Markets were slightly weak in February, but then turned nastily down in March. We sold down stocks at the start of March – more detail below.
More market mayhem
Two weeks ago, we lightened up substantially on stocks. I want to explain why we made these decisions and discuss the prevailing uncertainty in the market.
First, markets rarely move in a straight line. They typically oscillate with pullbacks and bounce-backs. Don’t get too caught up in day-to-day movements. There are fear and greed indexes that try to measure investor sentiment. They shifted from outright greed a few weeks ago to abject fear now. Leverage and options trading have also moved from bullish to bearish. Typically, this overreaction suggests markets might soon rebound.
A month has been a long time.
The primary focus today is the uncertainty affecting corporations in real time. When Trump was elected in November, we retained higher weights in the stock market due to his corporate-friendly policies. These included deregulation and tax cuts, which boosted corporate earnings. For the stock market, policies benefiting companies, even at consumers’ expense, often lead to market gains.
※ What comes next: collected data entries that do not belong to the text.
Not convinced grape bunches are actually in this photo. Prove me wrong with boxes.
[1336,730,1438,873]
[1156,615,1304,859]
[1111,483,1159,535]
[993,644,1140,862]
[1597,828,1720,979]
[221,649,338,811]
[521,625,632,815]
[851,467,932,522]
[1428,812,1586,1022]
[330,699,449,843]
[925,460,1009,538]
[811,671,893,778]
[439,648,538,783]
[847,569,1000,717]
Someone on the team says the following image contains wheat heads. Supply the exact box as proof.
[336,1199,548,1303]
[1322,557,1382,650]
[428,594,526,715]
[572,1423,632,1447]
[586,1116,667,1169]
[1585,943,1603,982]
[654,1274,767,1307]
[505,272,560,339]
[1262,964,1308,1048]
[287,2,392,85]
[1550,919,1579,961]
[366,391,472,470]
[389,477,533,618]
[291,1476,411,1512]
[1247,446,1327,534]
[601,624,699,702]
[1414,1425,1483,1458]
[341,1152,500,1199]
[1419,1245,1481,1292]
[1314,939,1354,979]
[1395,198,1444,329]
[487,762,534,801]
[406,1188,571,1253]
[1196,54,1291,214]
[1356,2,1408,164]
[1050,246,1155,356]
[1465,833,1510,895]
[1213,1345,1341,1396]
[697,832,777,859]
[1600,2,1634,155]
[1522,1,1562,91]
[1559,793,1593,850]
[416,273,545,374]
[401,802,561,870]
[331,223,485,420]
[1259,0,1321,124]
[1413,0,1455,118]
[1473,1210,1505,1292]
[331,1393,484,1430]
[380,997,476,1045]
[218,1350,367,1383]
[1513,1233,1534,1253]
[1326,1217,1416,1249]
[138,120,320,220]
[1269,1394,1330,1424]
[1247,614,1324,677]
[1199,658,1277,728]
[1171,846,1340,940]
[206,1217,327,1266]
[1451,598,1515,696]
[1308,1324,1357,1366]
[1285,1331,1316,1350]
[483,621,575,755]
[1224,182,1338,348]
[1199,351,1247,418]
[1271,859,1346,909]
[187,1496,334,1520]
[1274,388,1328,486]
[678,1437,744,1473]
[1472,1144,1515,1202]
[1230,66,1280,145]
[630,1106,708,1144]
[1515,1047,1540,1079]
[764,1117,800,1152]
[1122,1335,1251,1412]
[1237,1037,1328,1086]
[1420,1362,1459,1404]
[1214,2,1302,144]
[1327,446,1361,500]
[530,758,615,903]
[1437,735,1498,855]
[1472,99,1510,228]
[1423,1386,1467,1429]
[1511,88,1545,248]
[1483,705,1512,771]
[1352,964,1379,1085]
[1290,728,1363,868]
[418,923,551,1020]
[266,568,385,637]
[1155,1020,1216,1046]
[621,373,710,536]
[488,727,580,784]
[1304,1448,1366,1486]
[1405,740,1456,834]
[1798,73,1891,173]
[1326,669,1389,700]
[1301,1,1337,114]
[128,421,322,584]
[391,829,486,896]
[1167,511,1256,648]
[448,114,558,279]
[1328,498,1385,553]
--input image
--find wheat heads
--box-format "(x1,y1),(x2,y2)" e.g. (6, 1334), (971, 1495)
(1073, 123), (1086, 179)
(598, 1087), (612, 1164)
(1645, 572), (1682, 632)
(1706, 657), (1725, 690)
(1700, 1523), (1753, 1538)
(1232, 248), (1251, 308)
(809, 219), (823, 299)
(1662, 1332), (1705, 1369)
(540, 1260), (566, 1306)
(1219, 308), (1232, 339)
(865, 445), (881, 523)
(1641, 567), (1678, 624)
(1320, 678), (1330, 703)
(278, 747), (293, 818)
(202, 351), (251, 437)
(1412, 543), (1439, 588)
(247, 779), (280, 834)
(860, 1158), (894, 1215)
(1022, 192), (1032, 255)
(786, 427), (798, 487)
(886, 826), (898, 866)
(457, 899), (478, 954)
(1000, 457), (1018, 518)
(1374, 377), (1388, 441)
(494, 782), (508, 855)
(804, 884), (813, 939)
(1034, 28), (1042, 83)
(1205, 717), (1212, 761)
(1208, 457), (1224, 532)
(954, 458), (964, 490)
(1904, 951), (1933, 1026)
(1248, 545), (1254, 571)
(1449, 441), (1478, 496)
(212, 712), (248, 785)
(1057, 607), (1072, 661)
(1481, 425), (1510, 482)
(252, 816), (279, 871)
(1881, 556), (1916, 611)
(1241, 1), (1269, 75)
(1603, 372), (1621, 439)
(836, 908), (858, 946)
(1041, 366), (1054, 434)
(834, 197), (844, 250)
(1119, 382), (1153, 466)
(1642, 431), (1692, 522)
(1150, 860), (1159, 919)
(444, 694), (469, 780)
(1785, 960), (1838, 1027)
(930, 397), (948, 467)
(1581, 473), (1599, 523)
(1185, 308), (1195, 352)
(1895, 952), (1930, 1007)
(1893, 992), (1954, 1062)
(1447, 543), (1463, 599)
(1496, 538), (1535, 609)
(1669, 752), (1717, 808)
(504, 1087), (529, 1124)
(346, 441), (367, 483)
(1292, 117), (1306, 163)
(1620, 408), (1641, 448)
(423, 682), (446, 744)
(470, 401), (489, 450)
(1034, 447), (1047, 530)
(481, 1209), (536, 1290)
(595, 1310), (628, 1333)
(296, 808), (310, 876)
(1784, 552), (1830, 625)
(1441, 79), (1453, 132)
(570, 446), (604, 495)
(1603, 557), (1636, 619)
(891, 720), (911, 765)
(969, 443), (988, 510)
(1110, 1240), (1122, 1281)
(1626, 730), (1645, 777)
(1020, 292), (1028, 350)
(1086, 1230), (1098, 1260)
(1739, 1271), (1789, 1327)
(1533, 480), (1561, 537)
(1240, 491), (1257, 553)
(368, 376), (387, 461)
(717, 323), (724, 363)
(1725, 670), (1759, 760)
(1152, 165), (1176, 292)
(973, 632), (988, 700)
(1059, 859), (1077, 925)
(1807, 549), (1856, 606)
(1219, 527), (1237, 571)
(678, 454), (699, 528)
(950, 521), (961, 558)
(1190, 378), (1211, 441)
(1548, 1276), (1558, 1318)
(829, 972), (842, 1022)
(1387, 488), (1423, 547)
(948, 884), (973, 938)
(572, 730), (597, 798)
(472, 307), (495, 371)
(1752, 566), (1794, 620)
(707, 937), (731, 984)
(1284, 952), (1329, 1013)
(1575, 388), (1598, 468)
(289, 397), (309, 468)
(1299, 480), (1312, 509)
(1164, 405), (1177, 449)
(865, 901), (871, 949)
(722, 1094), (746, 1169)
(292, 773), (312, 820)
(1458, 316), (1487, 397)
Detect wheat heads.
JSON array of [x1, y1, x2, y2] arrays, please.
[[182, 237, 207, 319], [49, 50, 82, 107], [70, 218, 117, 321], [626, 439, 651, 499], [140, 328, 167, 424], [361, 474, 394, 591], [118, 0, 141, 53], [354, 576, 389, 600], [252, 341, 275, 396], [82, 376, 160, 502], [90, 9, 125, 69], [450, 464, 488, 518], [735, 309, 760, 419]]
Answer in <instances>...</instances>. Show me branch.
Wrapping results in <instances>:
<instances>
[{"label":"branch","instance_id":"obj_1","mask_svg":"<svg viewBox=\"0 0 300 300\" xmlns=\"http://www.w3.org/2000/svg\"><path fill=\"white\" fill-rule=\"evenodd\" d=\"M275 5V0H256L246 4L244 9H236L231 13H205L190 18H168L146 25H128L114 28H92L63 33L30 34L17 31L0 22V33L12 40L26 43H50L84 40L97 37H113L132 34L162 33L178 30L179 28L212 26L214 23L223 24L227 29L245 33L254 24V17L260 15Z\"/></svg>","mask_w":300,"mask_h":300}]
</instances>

The pressing question now is: what has changed? The answer is execution risk.
The Trump (Bessent?) plan
In a broad sense, Trump’s approach emphasizes corporate-led economic growth with minimal government intervention. He believes US corporations should be free to innovate and drive productivity. By cutting back on government spending, reducing taxes, and reducing regulation, Trump expects the private sector to thrive.
This strategy could have many benefits, but successful execution is crucial. Recent chaotic developments are creating economic strain.
Capital Expenditure Uncertainty
Tariffs will likely increase costs for US-made goods, especially cars and create a raft of supply chain disruptions.
The plan is to get companies to build factories in the US. While this vision has merit, flip-flopping on timing is not helping. Say you are a company building a factory:
- If you build in Mexico, costs will be (say) 20% lower. If you knew tariffs would remain 25%, you would build in the US.
- But, if you build in the US and then Trump drops the tariffs, now you are 20% more expensive than Mexican competitors.
And none of this is short term. Land acquisition, permitting, new suppliers are likely to take years. Net effect: you do nothing, and wait for clarity.
Consumer Uncertainty
Consumer confidence is notably declining, suggesting consumers are wary about spending.
Elon Musk’s actions have an impact. Confidence isn’t boosted when nuclear scientists are laid off, only to be rehired when their importance is recognized. Sending a mass email to a significant portion of the US workforce to justify their employment or firing those on probation, only to rehire them, sends mixed signals. These actions contribute to a climate of uncertainty and caution.
The economic landscape is marked by uncertainty, particularly for individuals employed by the government, which comprises about one-fifth (at all levels of government, plus contractors and grants) of the US workforce. Many of these workers are likely delaying major purchases such as vacations, home renovations, or new cars due to job insecurity.
Inflation dangers
Even before the Trump administration, inflation was ticking up. Tariffs’ direct effect will exacerbate inflation concerns. Second-order effects are likely, as companies use tariffs to justify price increases.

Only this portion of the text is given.